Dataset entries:
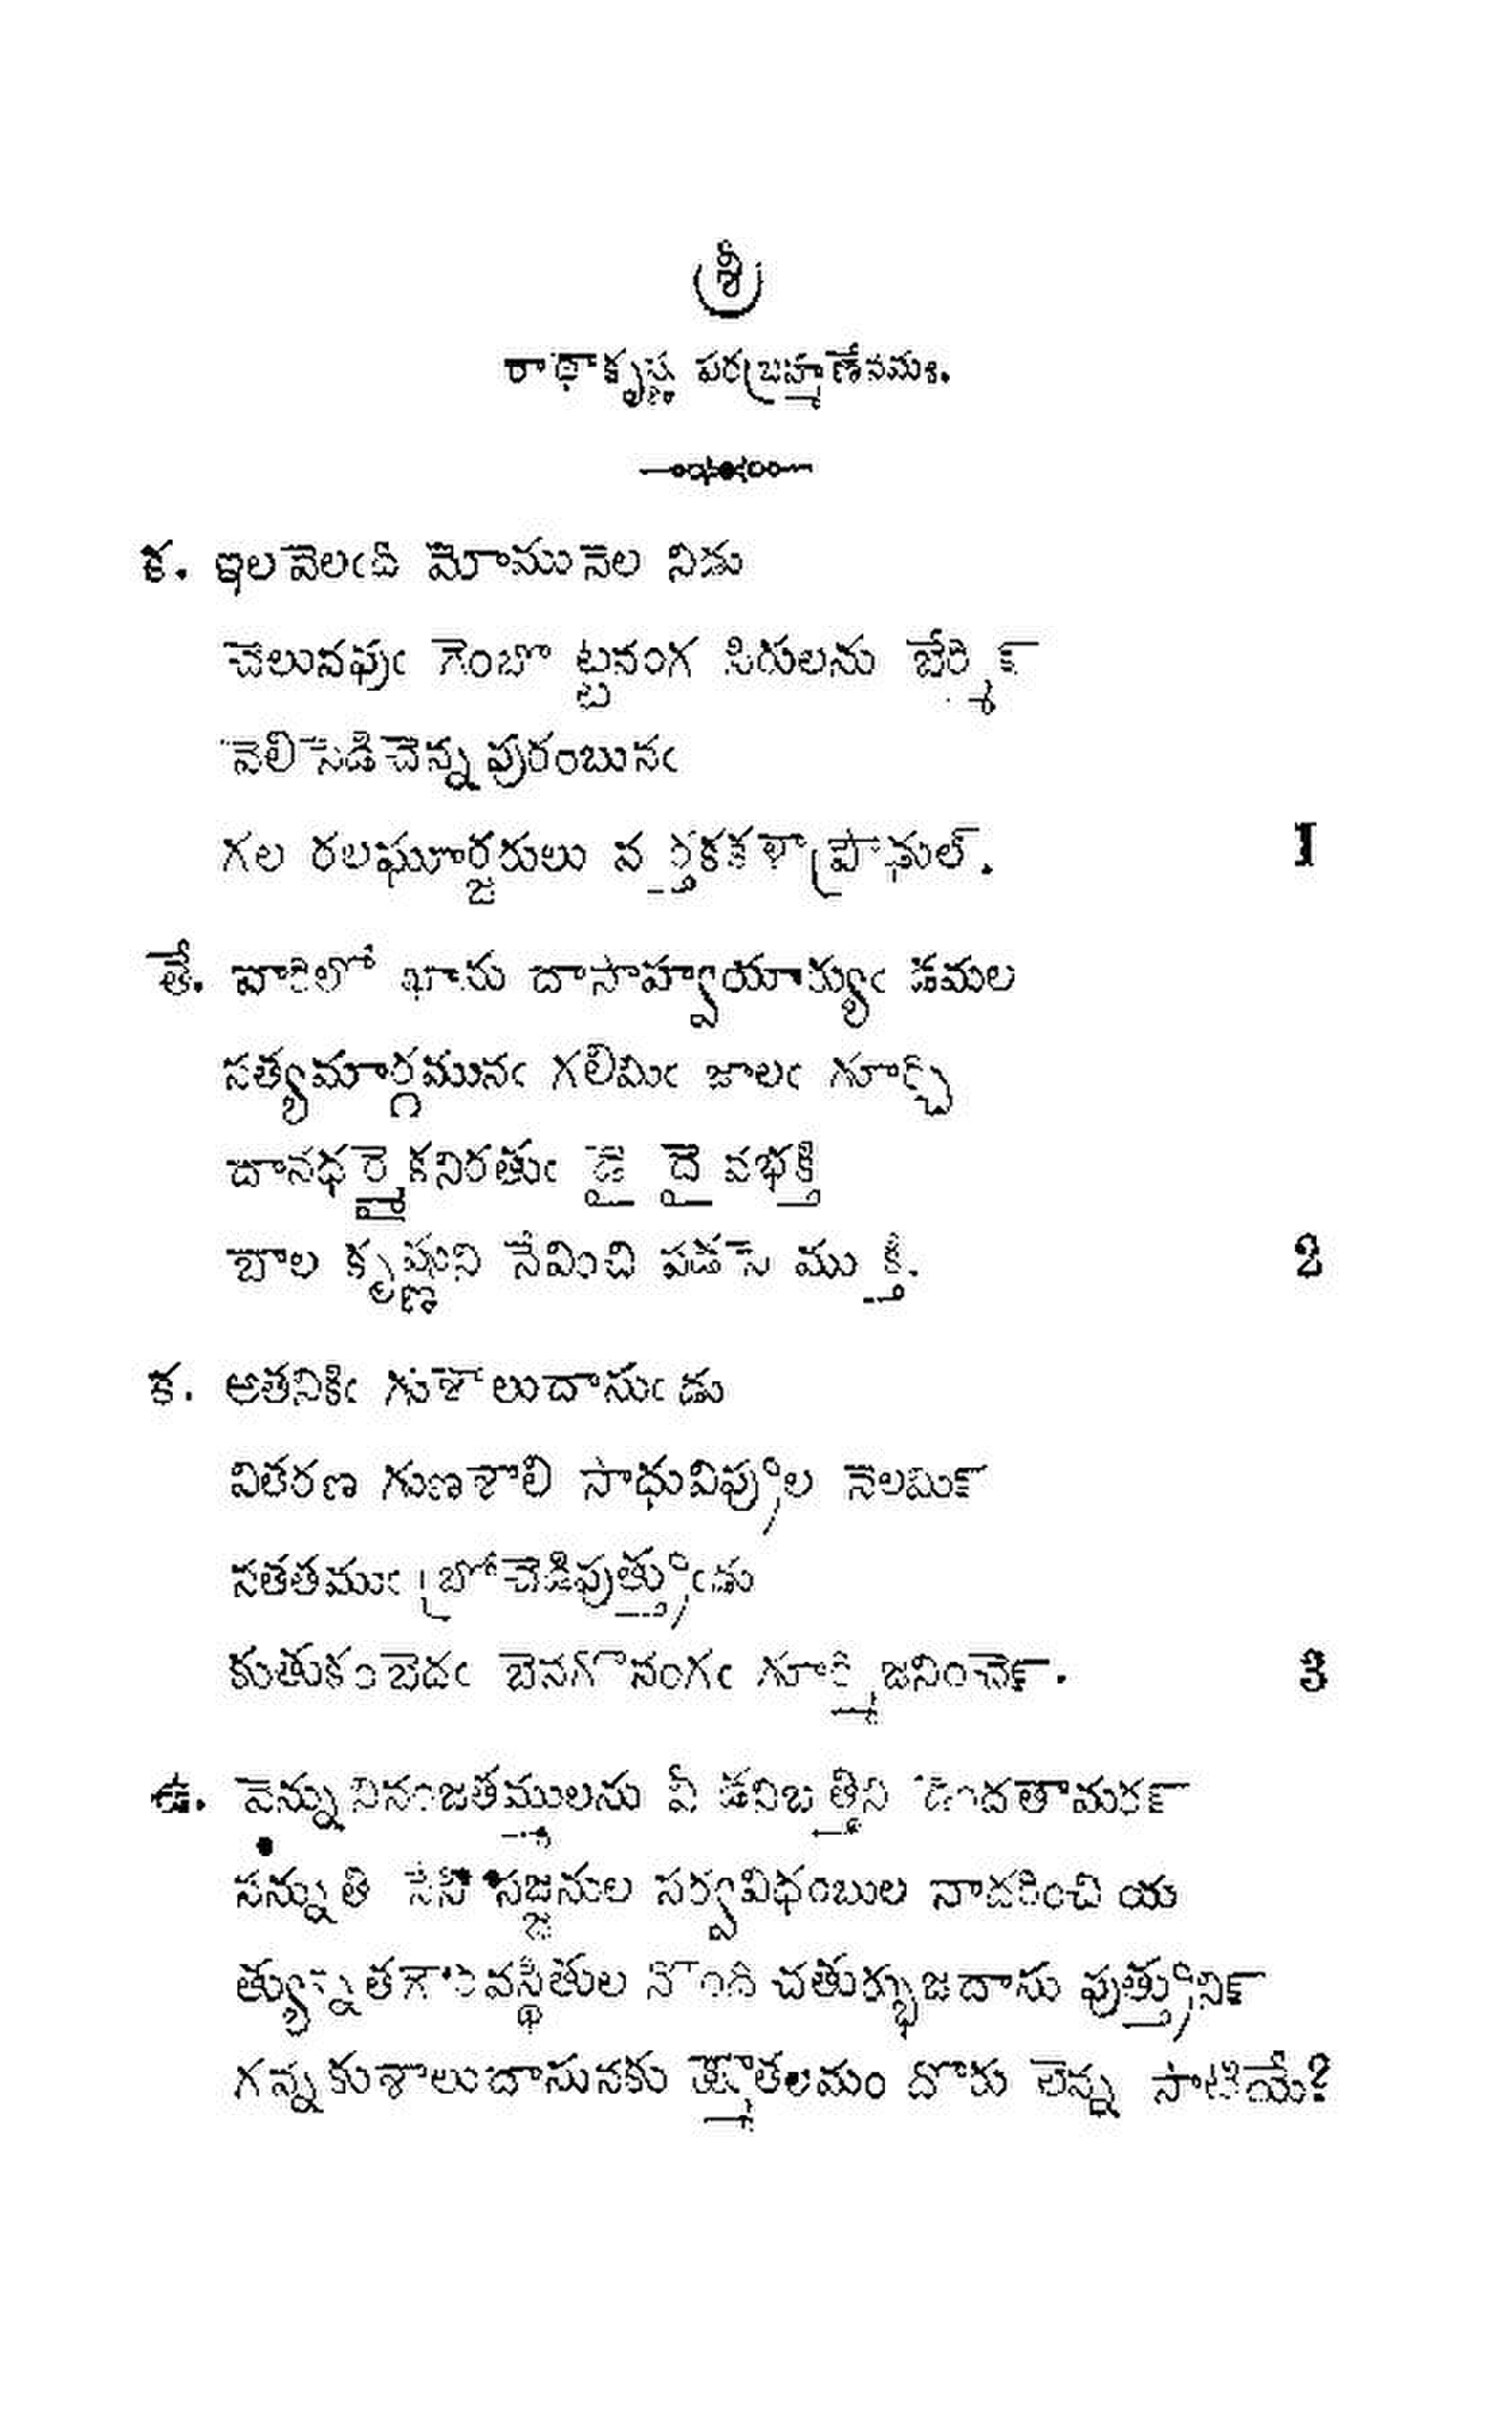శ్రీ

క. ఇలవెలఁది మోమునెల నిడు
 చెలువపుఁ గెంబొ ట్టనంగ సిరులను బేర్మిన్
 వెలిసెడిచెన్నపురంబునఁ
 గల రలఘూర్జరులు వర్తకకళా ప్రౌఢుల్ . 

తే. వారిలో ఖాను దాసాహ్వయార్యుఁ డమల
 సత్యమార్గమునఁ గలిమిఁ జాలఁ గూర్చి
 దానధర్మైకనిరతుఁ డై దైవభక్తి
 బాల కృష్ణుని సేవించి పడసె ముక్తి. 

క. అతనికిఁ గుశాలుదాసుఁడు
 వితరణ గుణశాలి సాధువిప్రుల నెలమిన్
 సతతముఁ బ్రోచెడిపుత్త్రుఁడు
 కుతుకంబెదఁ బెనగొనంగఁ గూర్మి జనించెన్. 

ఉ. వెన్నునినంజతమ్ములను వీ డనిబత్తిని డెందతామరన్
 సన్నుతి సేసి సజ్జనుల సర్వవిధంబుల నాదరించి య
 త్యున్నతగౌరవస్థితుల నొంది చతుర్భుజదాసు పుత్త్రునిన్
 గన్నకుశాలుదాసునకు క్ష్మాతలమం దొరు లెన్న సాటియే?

--

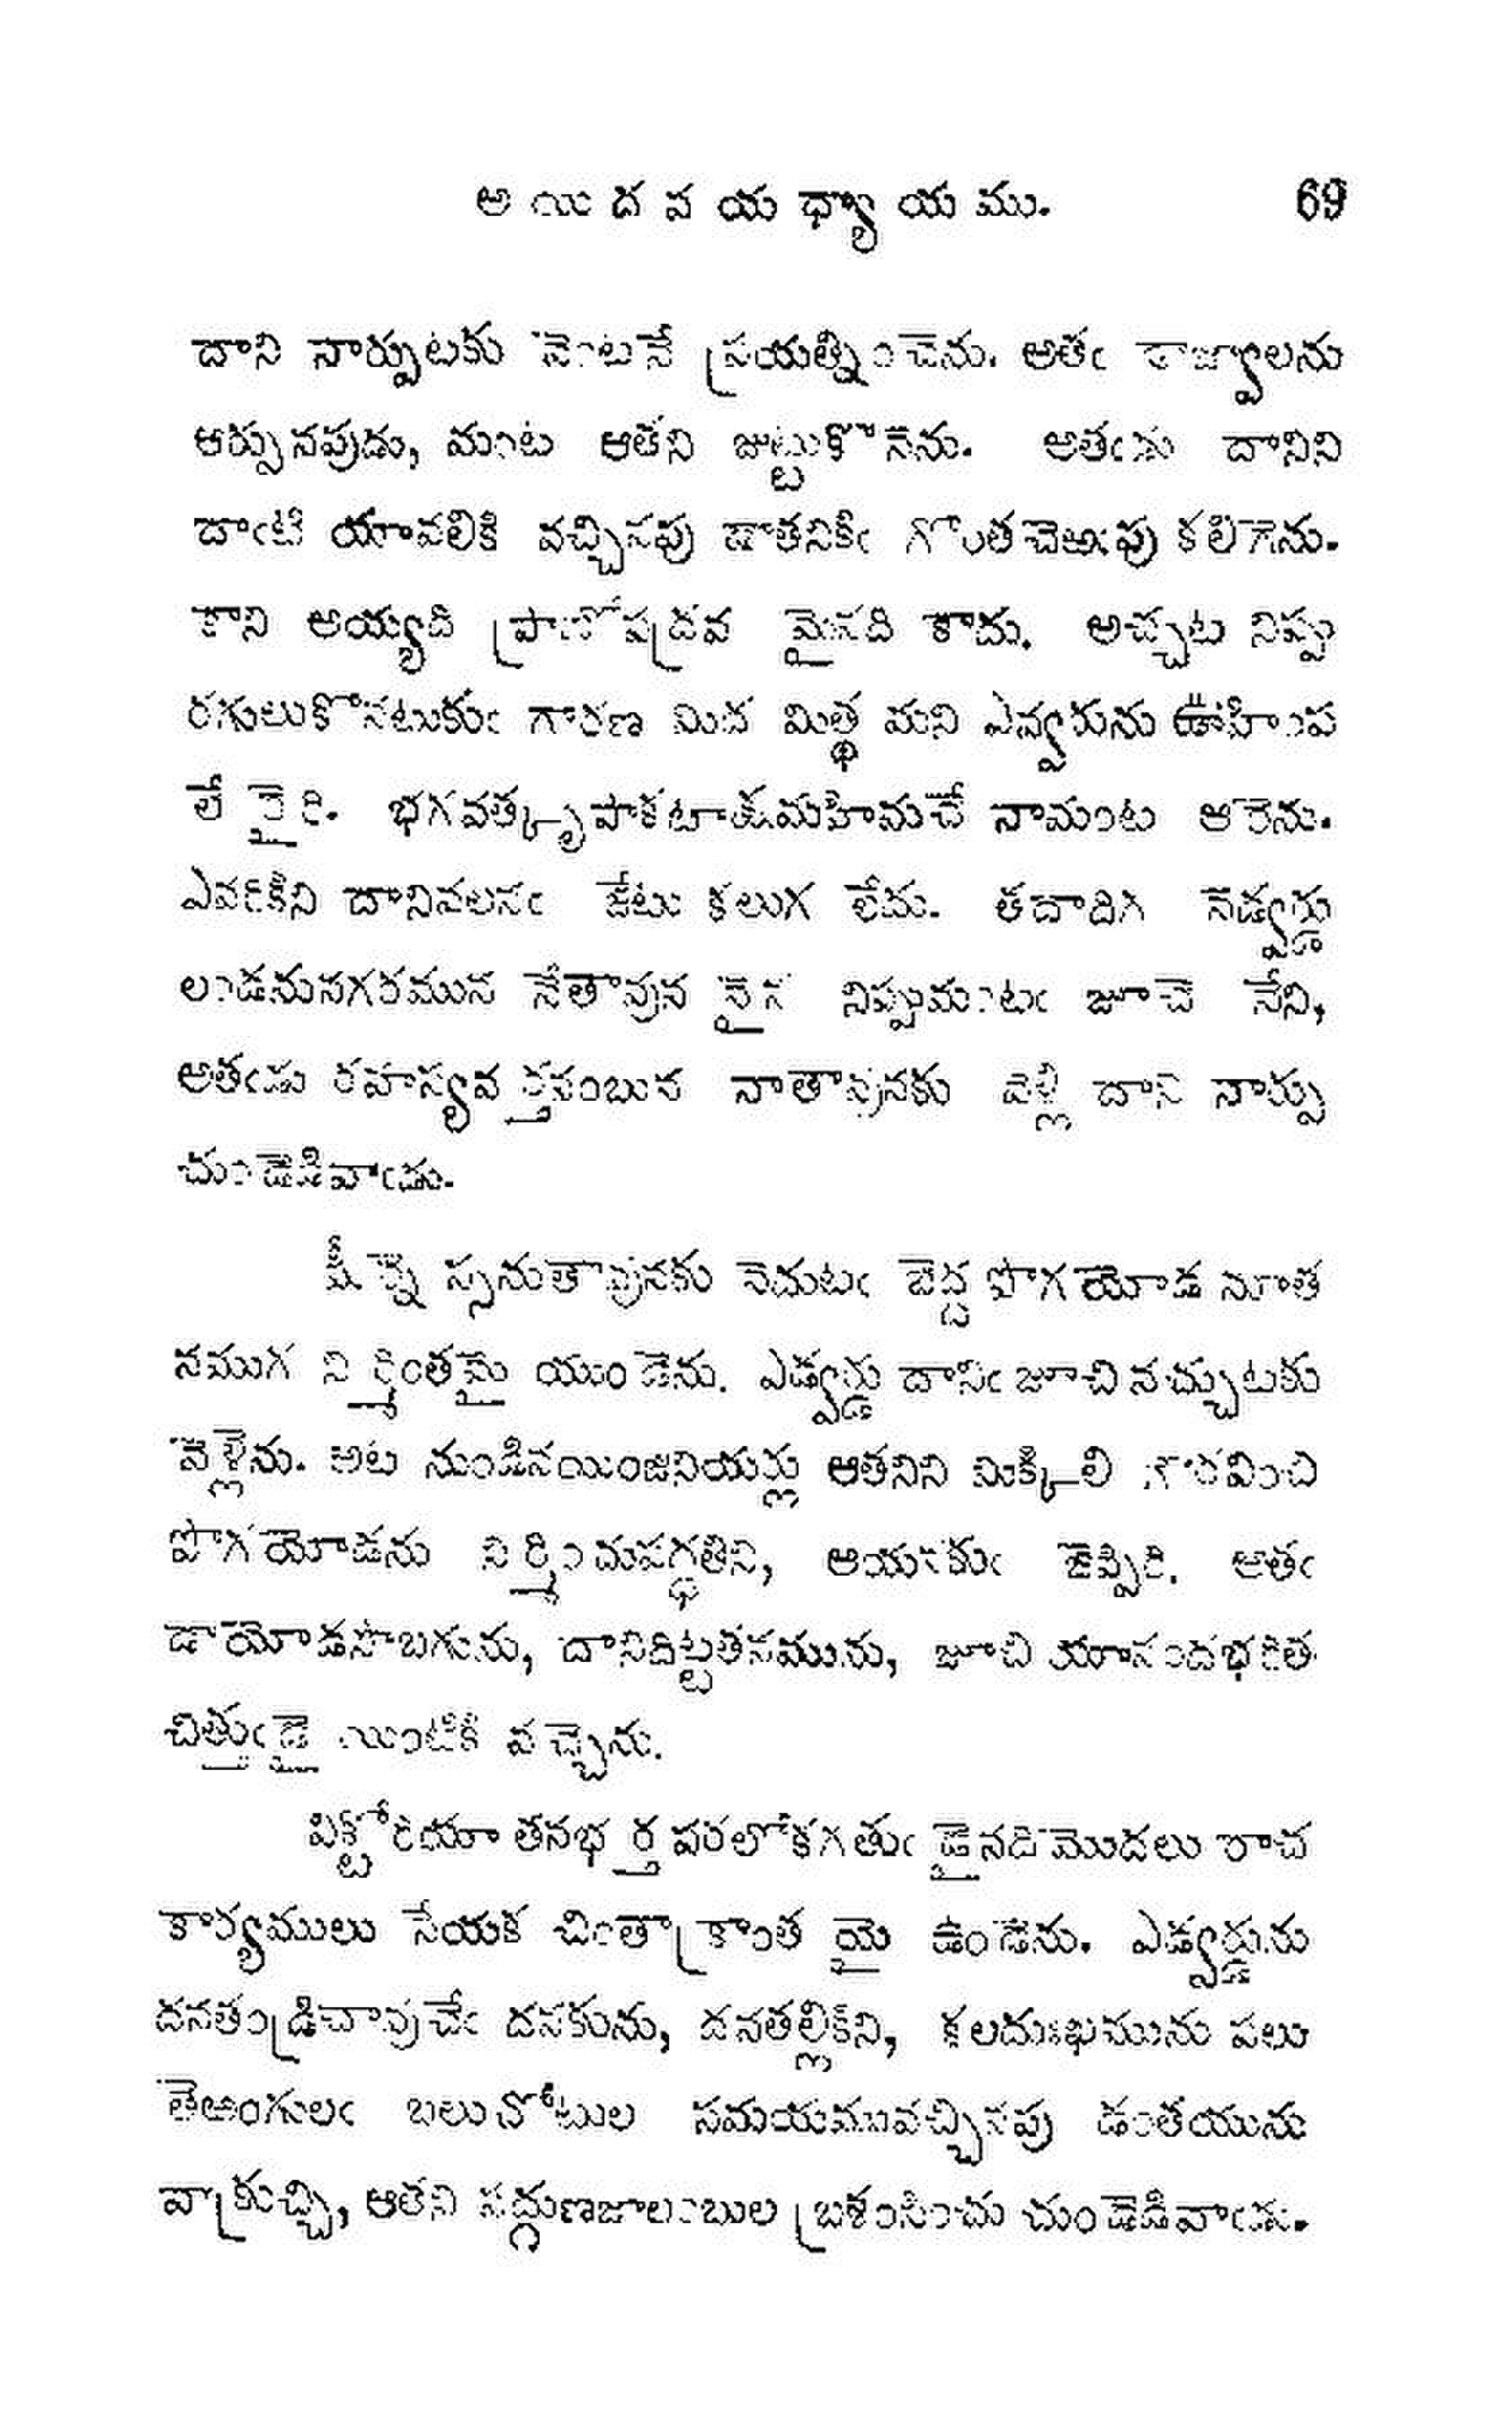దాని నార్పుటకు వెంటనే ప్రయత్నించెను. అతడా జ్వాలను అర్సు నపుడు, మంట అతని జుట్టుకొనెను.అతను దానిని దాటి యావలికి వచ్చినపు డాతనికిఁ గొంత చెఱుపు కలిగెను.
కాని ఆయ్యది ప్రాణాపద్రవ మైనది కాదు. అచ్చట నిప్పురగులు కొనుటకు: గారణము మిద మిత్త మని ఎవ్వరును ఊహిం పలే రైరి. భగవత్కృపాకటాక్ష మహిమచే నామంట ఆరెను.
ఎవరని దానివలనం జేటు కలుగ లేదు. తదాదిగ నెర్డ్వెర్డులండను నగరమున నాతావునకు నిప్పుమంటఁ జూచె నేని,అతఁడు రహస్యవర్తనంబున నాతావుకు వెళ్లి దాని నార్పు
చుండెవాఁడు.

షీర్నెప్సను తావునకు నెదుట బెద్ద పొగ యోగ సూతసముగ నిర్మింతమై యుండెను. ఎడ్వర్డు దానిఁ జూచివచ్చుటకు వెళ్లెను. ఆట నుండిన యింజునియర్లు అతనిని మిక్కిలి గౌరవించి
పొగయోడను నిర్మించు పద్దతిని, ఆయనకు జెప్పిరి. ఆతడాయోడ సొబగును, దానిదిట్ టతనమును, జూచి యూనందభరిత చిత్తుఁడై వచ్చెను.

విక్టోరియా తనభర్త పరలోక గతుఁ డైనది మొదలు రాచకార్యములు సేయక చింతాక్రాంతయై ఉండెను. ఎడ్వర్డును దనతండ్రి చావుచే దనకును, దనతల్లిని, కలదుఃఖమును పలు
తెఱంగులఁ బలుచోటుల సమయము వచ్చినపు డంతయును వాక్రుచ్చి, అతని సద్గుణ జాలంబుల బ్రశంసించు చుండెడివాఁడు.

PROBLEM STATEMENT: From the records above, transcribe without alteration every line from the one with "పొగయోడను నిర్మించు పద్దతిని, ఆయనకు" to the one with "తెఱంగులఁ బలుచోటుల సమయము", inclusive.

SOLVED EXERCISE:
పొగయోడను నిర్మించు పద్దతిని, ఆయనకు జెప్పిరి. ఆతడాయోడ సొబగును, దానిదిట్ టతనమును, జూచి యూనందభరిత చిత్తుఁడై వచ్చెను.

విక్టోరియా తనభర్త పరలోక గతుఁ డైనది మొదలు రాచకార్యములు సేయక చింతాక్రాంతయై ఉండెను. ఎడ్వర్డును దనతండ్రి చావుచే దనకును, దనతల్లిని, కలదుఃఖమును పలు
తెఱంగులఁ బలుచోటుల సమయము వచ్చినపు డంతయును వాక్రుచ్చి, అతని సద్గుణ జాలంబుల బ్రశంసించు చుండెడివాఁడు.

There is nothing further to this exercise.